Recall that when Iraqi President Saddam Hussein invaded neighboring Kuwait in August 1990, then-President George H.W. Bush led a coalition of countries against Iraq — though it was mostly a U.S. effort. The aerial attack began in January 1991, and Kuwait was quickly liberated.

Since Kuwait had been anti-Israel and not a strong U.S. ally, accusations immediately emerged that oil was the real motive behind the war.

Whether or not oil was the motive driving the U.S. effort, both access to it and the fear of rising oil prices almost certainly played a role. The U.S. economy and military readiness depended on importing Middle Eastern oil.

No more, and you can thank the shale oil boom for that.

Of course, the recent drone or missile attack on Saudi Arabian oil processing facilities, knocking out about 5 million barrels of production, wasn't a Kuwait-style invasion, but it's the kind of action that could lead to war.

If it does, trying to contain Iran's expansionist mischief-making and support for internationalism terrorism, not access to oil, would likely be the primary reason.

While access to foreign-produced oil is still important, it's simply not the economic threat it used to be. And you can see that in the impact on oil prices.

After the recent attack oil prices initially spiked, but markets often overreact and then settle down. And that's what's happening only a few days afterwards. West Texas Intermediate crude oil jumped from nearly $55 a barrel on Friday, Sept. 13, to nearly $63 on Monday but has since declined to about $58 per barrel.

What does that mean for consumers? Not a lot.

Prior to the attack the average nationwide cost for a gallon of gasoline was about $2.55, according to the U.S. Energy Information Administration. Analysts suggest gasoline prices could rise by … wait for it … 25 cents a gallon.

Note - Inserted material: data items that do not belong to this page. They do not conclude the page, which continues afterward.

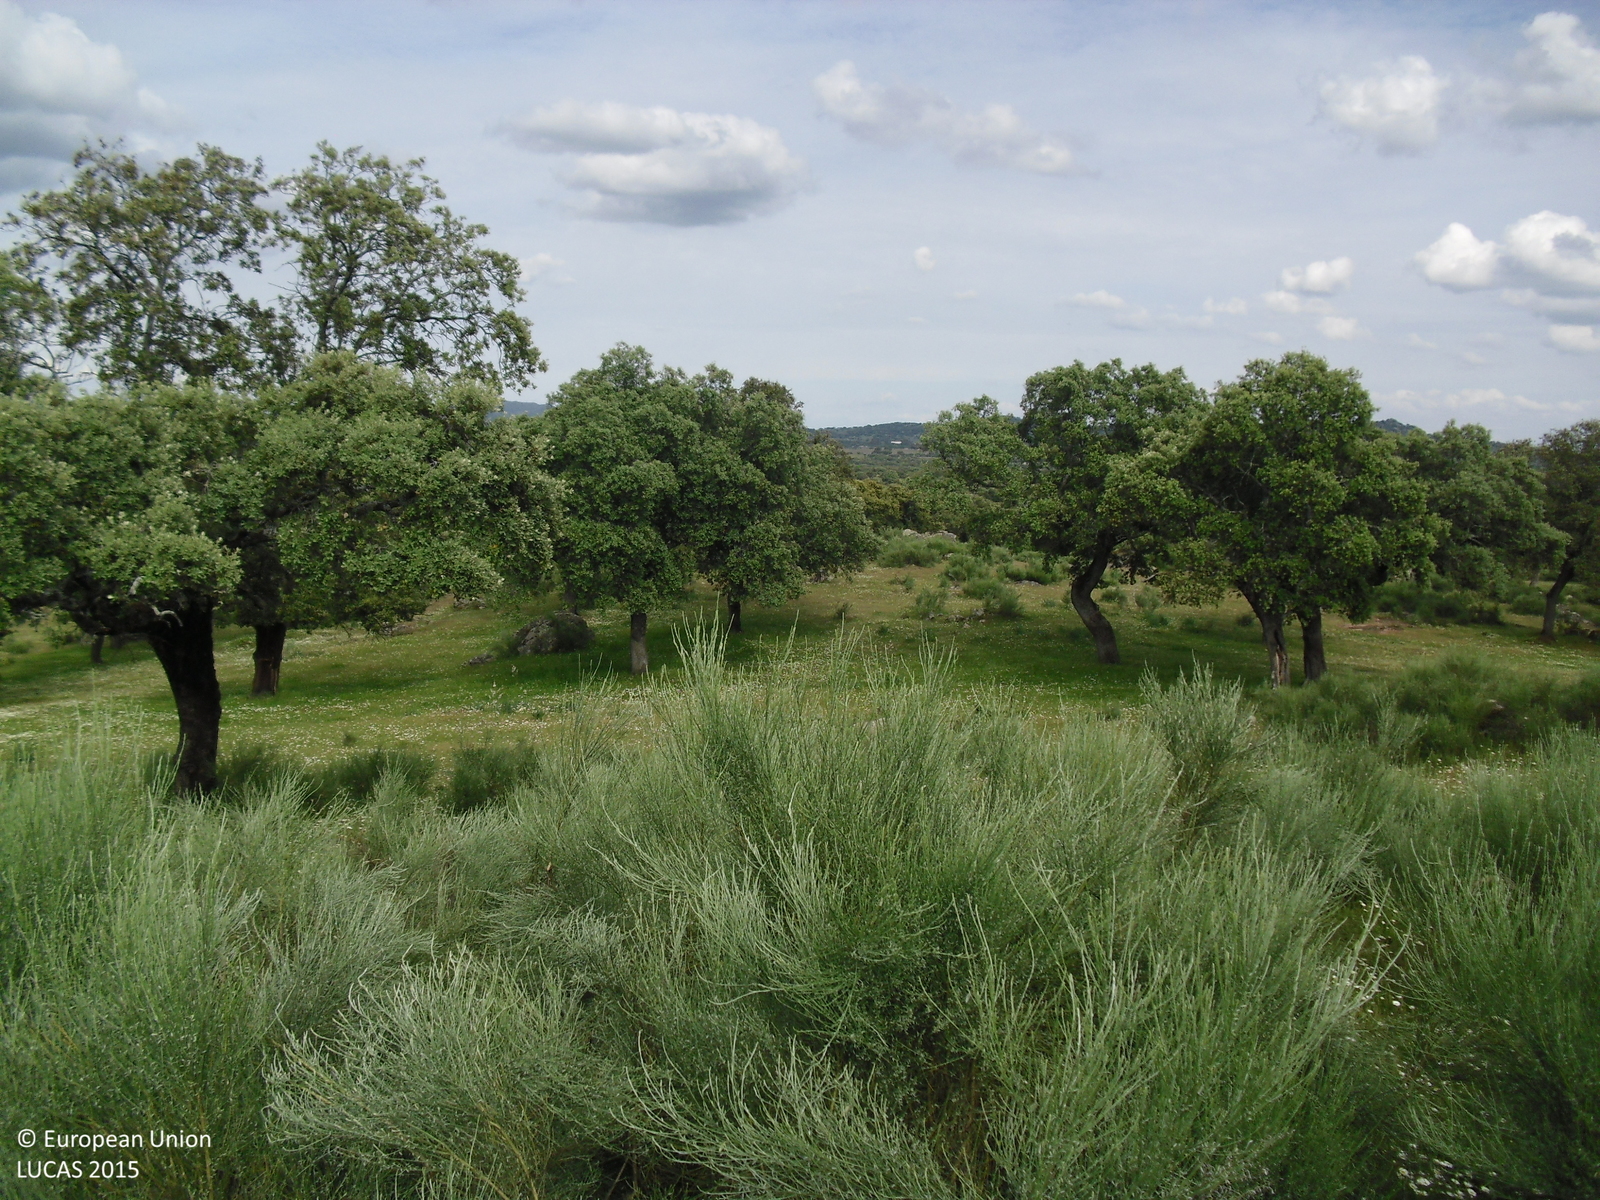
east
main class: Shrubland
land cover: Shrubland with sparse tree cover
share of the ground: > 75 %
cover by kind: shrubs 75 %, herbaceous plants 20 %, broadleaved forest trees 5 %
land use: Agriculture (excluding fallow land and kitchen gardens)
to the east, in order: Shrubland with sparse tree cover; Broadleaved woodland; Tracks; Broadleaved woodland; Tracks; Broadleaved woodland
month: April
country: ES
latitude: 39.2942
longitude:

But Energy Information Administration says the current price is down nearly 30 cents from a year ago. So if gasoline prices do spike 25 cents, it would put us about where we were last September when there was no major confrontation in the Middle East.

What the shale boom has done is free the United States from dependency on Middle Eastern oil. In August 1990, when Hussein invaded Kuwait, the U.S. was producing about 7 million barrels of oil per day. Today, we're producing 12.4 million barrels per day.

Yes, we still import some crude oil, mostly from Canada. For the month of June, the U.S. imported 17.4 million barrels of petroleum and other liquids from Saudi Arabia versus 131.2 million barrels from Canada. And Canada has been sitting on a glut of oil, hoping to sell America even more.

Which raises an important point: Our current challenge isn't trying to find foreign sources for oil, but getting U.S. production from the wellhead to the refinery. And the most efficient and least expensive way of transporting oil to refineries is by pipelines.

That's why one of President Trump's responses to the attack on Saudi oil production was to urge the relevant U.S. agencies to expedite the pipeline approval process.

Environmentalists hoping to limit, if not end, U.S. oil production have taken to challenging pipeline construction — e.g., the Dakota Access and Keystone XL pipelines. Oil that can't be transported to refineries is oil that can't be consumed.

The recent attack on the Saudi facilities demonstrates, yet again, access to energy is a critical national security issue. Fortunately, a threat to peace in the Middle East, troublesome as that is, isn't a threat to the American economy and national security.